__Problem__.
Look for "height" in the material below and show each line that contains it.

__Data section__.
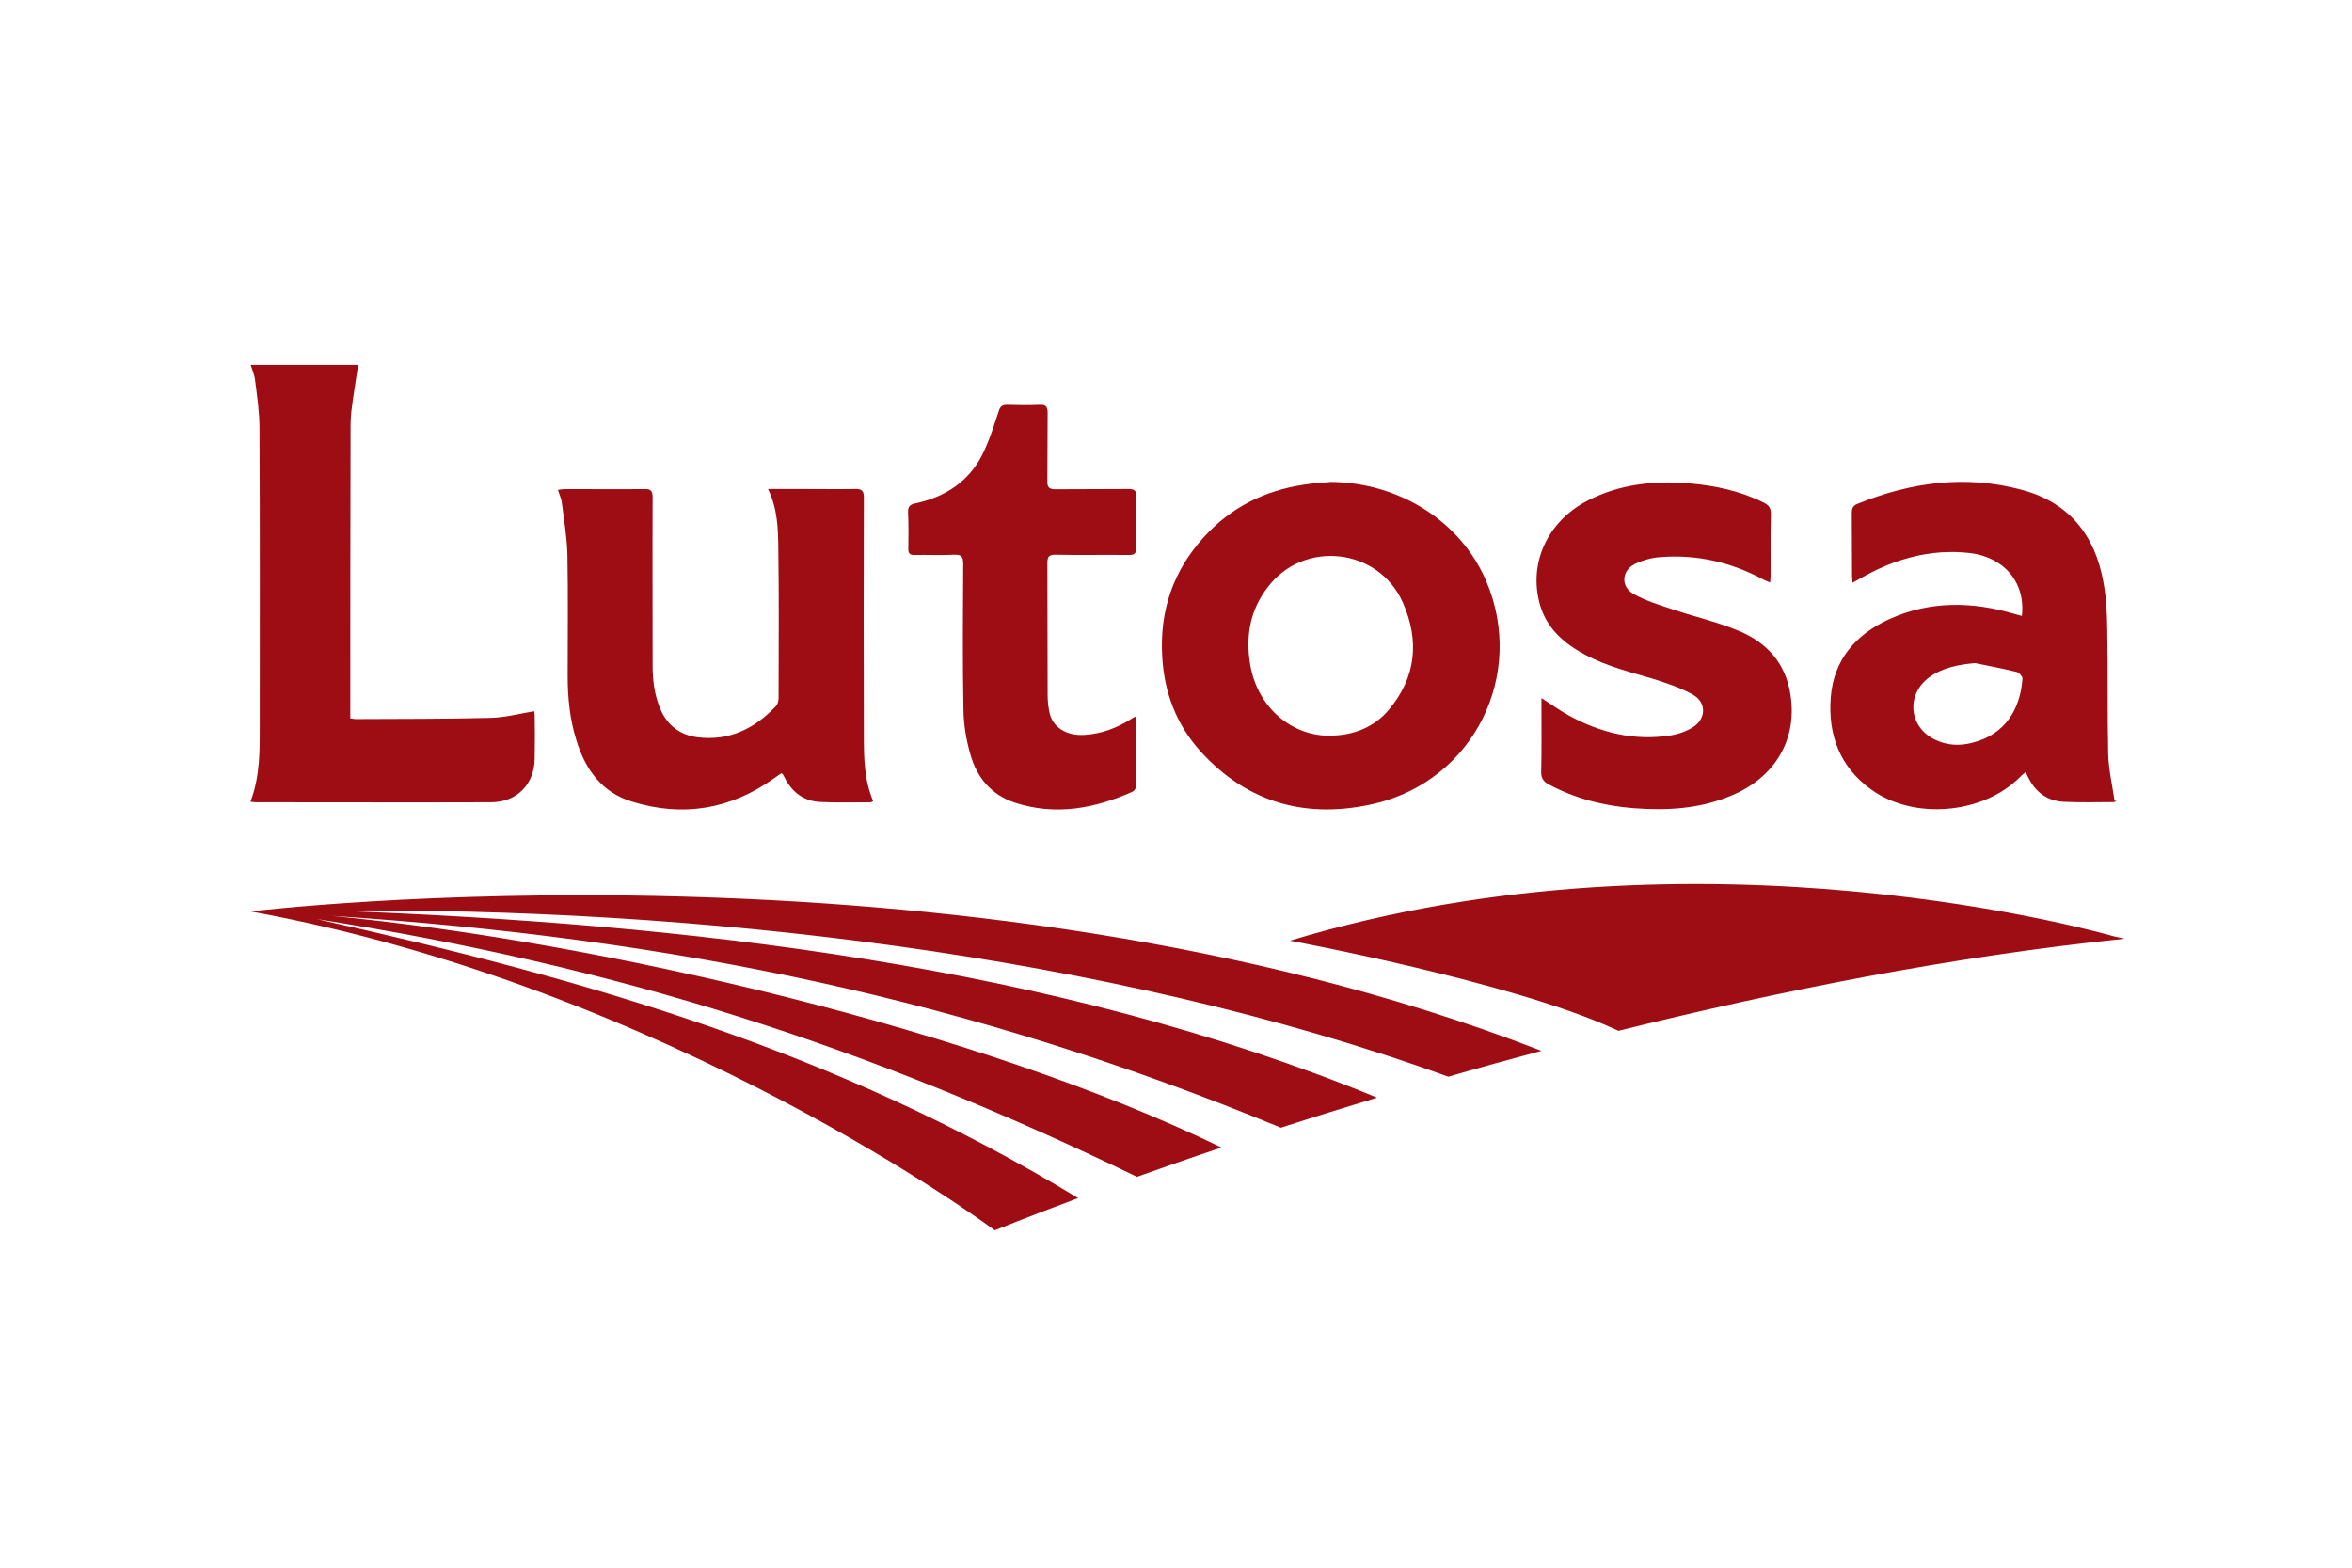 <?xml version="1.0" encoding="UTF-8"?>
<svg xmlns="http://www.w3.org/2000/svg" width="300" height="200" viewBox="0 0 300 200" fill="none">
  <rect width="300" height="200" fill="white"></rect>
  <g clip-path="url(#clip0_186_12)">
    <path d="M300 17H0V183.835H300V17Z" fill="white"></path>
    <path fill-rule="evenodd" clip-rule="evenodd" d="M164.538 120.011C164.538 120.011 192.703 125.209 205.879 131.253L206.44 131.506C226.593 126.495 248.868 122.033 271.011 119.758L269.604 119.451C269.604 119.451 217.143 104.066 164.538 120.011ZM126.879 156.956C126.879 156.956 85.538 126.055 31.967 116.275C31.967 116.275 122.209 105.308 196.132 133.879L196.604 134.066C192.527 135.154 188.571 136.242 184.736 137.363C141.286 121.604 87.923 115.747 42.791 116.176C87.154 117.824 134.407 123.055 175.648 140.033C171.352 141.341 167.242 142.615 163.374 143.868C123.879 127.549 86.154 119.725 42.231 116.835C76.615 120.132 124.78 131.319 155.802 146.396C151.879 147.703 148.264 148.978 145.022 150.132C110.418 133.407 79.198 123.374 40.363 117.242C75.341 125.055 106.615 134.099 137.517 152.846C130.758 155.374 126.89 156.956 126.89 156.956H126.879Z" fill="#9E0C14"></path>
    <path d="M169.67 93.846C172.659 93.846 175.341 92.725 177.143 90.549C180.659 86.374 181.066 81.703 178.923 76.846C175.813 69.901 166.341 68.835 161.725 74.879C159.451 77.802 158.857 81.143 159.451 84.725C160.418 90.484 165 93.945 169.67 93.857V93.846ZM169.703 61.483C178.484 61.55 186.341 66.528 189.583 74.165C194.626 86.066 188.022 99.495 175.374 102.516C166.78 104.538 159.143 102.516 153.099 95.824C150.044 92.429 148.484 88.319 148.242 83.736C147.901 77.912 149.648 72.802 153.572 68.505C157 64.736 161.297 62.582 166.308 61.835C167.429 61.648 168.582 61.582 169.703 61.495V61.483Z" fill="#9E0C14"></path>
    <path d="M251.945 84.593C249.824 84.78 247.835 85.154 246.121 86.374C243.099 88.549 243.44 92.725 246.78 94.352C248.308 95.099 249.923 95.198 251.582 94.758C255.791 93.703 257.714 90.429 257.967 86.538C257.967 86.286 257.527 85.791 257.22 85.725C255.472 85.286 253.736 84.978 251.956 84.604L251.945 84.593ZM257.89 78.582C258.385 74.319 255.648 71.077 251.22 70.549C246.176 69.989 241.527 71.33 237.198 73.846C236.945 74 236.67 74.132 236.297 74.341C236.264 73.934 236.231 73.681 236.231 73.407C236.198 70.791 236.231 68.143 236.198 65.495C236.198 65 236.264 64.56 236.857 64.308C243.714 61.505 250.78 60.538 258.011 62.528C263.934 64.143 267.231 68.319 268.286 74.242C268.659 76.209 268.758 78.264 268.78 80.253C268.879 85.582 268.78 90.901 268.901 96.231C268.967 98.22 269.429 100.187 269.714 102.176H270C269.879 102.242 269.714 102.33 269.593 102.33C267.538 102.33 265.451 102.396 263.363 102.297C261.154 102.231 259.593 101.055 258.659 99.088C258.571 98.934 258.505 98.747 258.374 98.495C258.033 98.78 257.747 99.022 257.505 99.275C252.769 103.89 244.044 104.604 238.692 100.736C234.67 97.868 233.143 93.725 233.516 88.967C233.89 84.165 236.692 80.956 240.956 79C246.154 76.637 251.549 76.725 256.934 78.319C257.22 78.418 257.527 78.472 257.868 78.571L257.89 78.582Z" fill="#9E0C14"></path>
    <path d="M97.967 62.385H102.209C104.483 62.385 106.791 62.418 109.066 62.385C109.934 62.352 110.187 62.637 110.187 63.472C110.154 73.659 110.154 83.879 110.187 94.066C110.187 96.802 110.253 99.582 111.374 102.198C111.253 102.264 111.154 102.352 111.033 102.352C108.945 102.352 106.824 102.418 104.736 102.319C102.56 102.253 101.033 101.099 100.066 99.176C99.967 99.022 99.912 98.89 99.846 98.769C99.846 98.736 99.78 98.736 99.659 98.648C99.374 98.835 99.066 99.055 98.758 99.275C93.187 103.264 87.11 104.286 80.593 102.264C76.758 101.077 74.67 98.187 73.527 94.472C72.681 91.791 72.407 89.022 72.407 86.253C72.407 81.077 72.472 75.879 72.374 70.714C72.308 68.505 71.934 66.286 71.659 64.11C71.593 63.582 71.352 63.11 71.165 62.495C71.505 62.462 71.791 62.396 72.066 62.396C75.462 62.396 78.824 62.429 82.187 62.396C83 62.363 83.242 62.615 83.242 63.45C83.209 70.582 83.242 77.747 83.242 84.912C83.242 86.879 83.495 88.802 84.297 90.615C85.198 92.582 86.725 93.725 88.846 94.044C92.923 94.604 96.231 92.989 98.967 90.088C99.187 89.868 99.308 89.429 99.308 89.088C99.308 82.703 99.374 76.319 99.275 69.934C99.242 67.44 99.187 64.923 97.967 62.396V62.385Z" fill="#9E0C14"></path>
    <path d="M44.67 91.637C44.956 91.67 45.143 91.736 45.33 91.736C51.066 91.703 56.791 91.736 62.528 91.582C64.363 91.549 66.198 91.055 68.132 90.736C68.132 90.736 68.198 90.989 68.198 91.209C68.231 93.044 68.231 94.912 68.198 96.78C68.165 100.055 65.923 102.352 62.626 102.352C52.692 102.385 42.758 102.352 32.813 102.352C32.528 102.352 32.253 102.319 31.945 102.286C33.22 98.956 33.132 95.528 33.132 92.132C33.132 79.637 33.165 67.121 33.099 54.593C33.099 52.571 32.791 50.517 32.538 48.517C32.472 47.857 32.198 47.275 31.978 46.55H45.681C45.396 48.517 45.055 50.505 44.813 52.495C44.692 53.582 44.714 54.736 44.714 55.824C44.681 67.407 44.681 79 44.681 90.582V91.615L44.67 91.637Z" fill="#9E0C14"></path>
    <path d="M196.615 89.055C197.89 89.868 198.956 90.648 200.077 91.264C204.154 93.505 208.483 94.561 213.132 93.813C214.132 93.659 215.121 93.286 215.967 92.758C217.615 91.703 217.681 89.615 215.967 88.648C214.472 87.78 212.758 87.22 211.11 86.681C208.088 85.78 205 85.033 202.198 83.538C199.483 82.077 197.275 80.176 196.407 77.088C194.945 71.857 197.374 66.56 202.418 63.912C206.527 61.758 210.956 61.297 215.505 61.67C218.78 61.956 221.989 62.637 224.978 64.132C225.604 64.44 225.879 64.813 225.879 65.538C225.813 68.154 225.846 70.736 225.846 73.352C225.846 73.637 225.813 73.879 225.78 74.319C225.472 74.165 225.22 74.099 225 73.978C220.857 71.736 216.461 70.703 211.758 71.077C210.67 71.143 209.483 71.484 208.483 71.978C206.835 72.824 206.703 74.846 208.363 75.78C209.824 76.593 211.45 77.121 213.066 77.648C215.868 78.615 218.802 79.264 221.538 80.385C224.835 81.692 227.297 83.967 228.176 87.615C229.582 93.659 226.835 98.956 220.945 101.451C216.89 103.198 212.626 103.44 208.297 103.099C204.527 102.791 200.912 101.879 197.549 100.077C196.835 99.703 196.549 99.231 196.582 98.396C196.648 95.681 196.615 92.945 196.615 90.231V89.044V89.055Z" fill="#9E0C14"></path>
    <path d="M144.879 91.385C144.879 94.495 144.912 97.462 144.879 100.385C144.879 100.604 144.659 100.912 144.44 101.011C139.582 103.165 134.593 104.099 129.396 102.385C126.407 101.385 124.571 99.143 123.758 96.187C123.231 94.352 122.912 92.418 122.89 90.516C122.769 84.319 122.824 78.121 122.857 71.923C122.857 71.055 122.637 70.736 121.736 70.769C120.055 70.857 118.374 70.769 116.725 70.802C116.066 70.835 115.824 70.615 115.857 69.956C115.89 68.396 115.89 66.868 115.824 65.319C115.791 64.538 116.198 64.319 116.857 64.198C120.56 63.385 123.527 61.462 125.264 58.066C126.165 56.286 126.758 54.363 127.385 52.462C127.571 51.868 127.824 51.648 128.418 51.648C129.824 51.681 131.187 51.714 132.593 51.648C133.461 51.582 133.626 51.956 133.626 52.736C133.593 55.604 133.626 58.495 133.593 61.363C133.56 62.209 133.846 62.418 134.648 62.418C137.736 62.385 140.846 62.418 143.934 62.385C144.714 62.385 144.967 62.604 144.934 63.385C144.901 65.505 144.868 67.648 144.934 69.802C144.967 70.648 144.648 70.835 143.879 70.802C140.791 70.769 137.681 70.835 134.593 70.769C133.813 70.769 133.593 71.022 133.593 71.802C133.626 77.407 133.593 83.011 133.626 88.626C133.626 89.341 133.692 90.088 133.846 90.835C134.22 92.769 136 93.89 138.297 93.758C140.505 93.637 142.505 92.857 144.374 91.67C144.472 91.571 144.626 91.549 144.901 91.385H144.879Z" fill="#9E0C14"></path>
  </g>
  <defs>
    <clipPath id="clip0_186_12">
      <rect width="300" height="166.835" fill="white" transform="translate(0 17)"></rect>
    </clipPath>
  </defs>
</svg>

__Completed task__.
<svg xmlns="http://www.w3.org/2000/svg" width="300" height="200" viewBox="0 0 300 200" fill="none">
  <rect width="300" height="200" fill="white"></rect>
      <rect width="300" height="166.835" fill="white" transform="translate(0 17)"></rect>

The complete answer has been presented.